WORK REQUEST:
Reproduce exactly the entries from the "9.6 s after image 1." line to the end. Skip all pictures.

Segment Start: AVAILABLE RECORDS

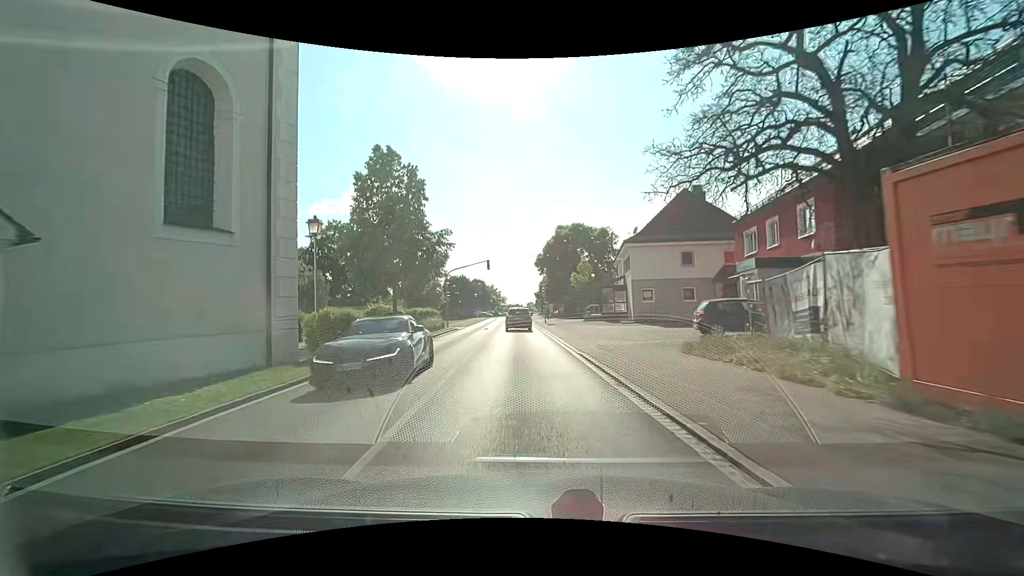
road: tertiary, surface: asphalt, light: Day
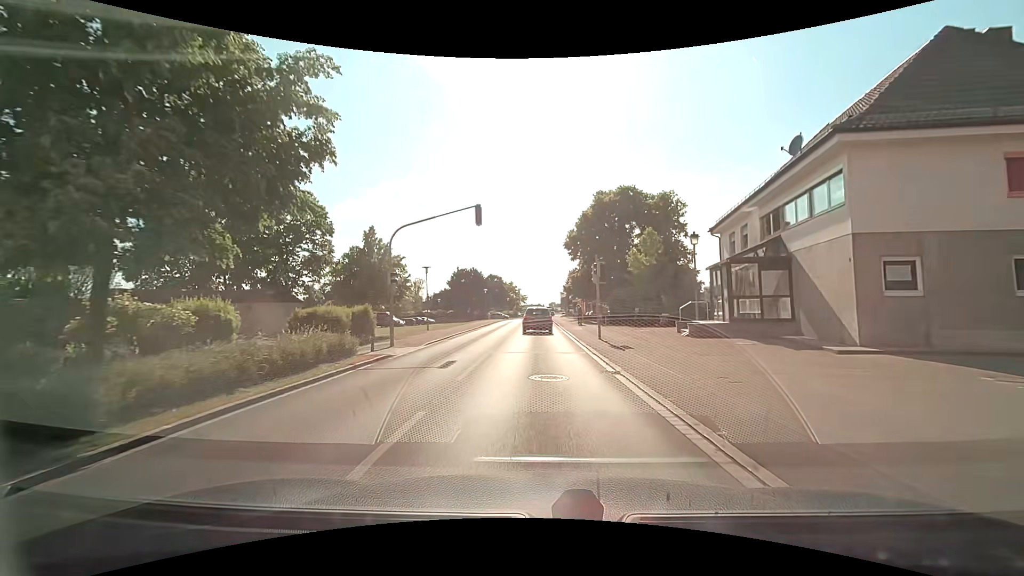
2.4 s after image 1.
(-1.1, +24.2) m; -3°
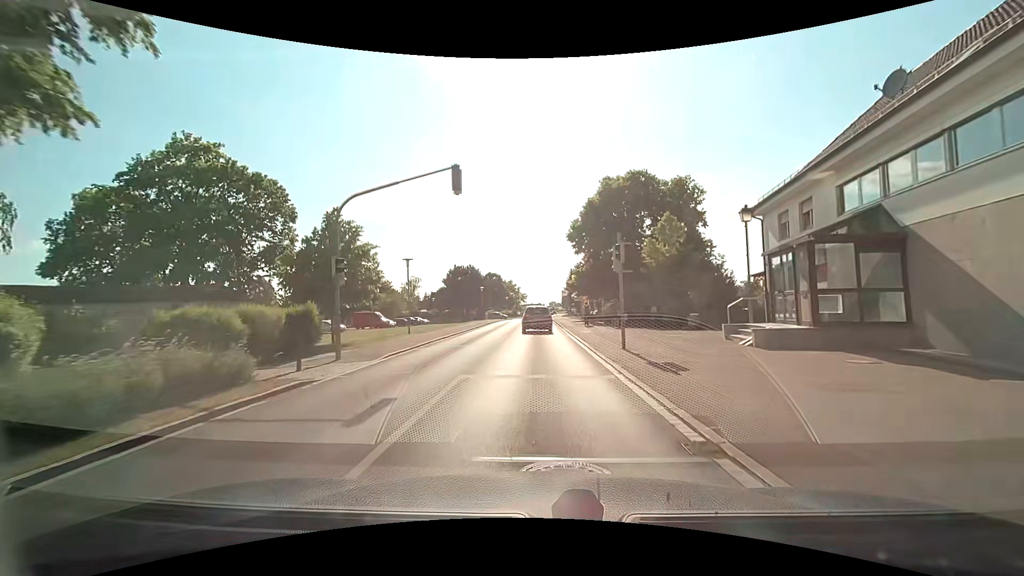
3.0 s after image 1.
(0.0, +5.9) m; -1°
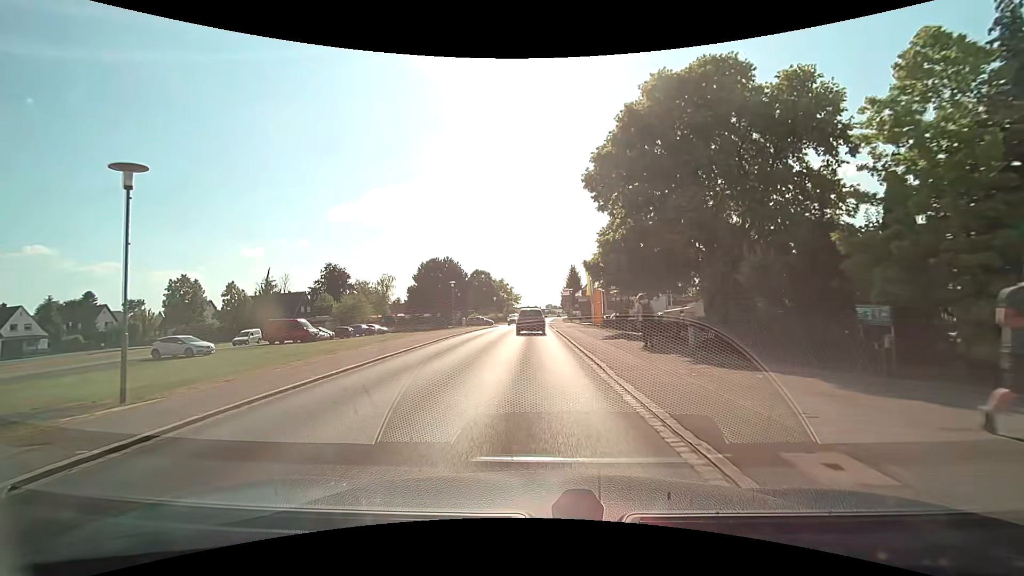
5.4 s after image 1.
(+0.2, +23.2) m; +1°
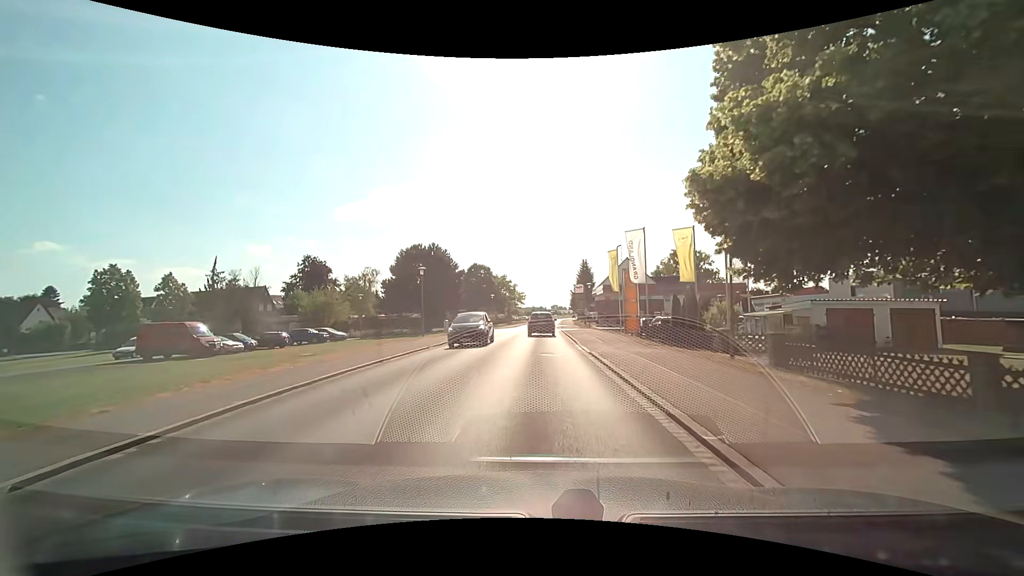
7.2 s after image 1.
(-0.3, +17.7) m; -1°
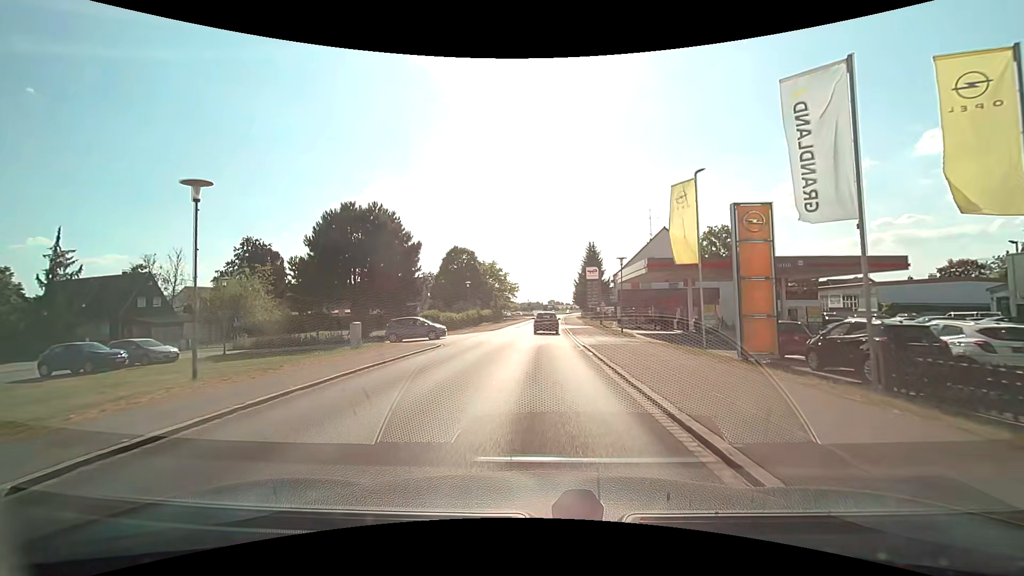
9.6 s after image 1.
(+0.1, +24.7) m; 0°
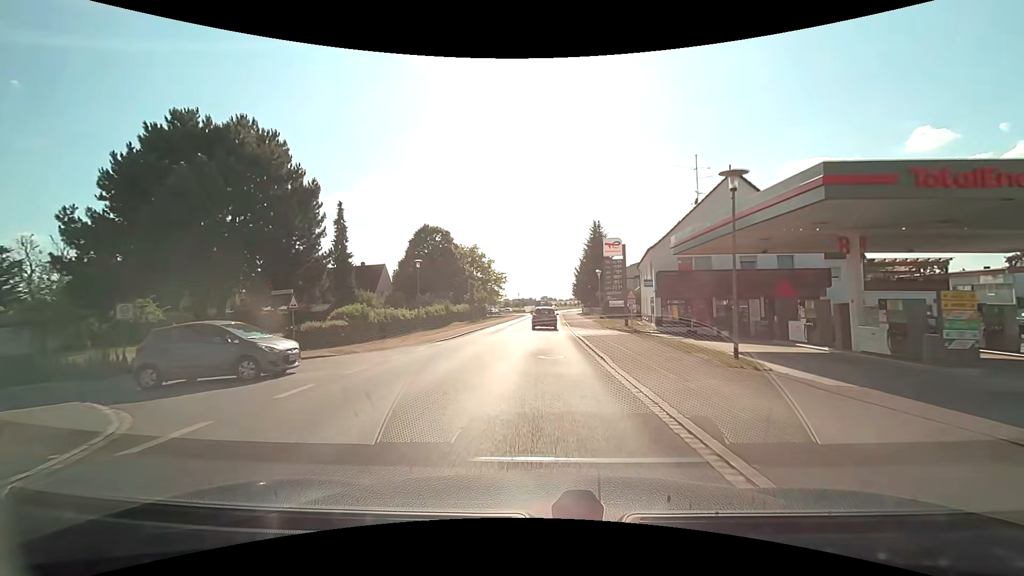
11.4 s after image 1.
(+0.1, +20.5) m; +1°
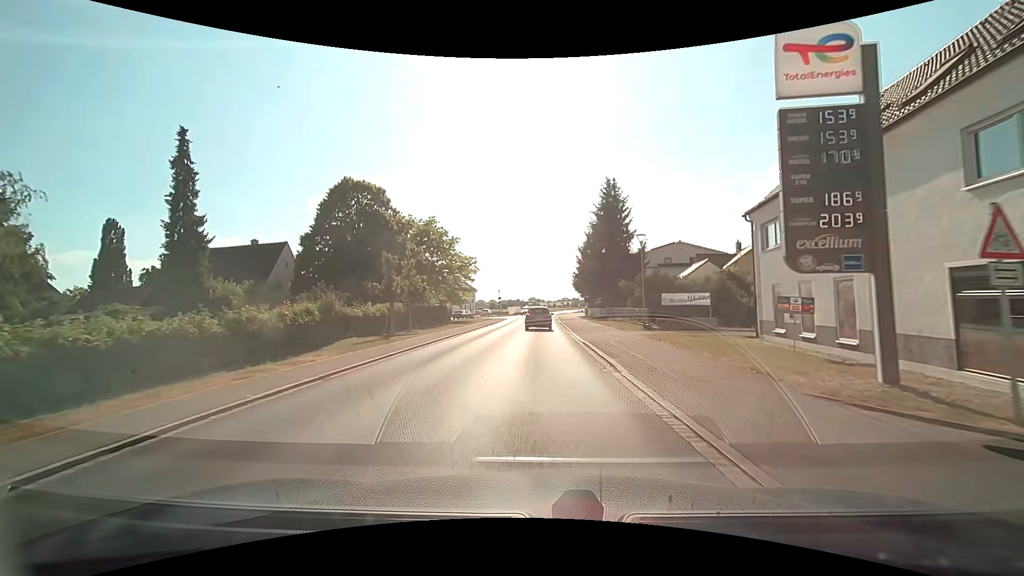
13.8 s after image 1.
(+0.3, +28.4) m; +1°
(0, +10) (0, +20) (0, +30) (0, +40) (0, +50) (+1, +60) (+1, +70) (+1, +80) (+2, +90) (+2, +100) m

Segment End: AVAILABLE RECORDS

WRITTEN ANSWER:
9.6 s after image 1.
(+0.1, +24.7) m; 0°
11.4 s after image 1.
(+0.1, +20.5) m; +1°
13.8 s after image 1.
(+0.3, +28.4) m; +1°
(0, +10) (0, +20) (0, +30) (0, +40) (0, +50) (+1, +60) (+1, +70) (+1, +80) (+2, +90) (+2, +100) m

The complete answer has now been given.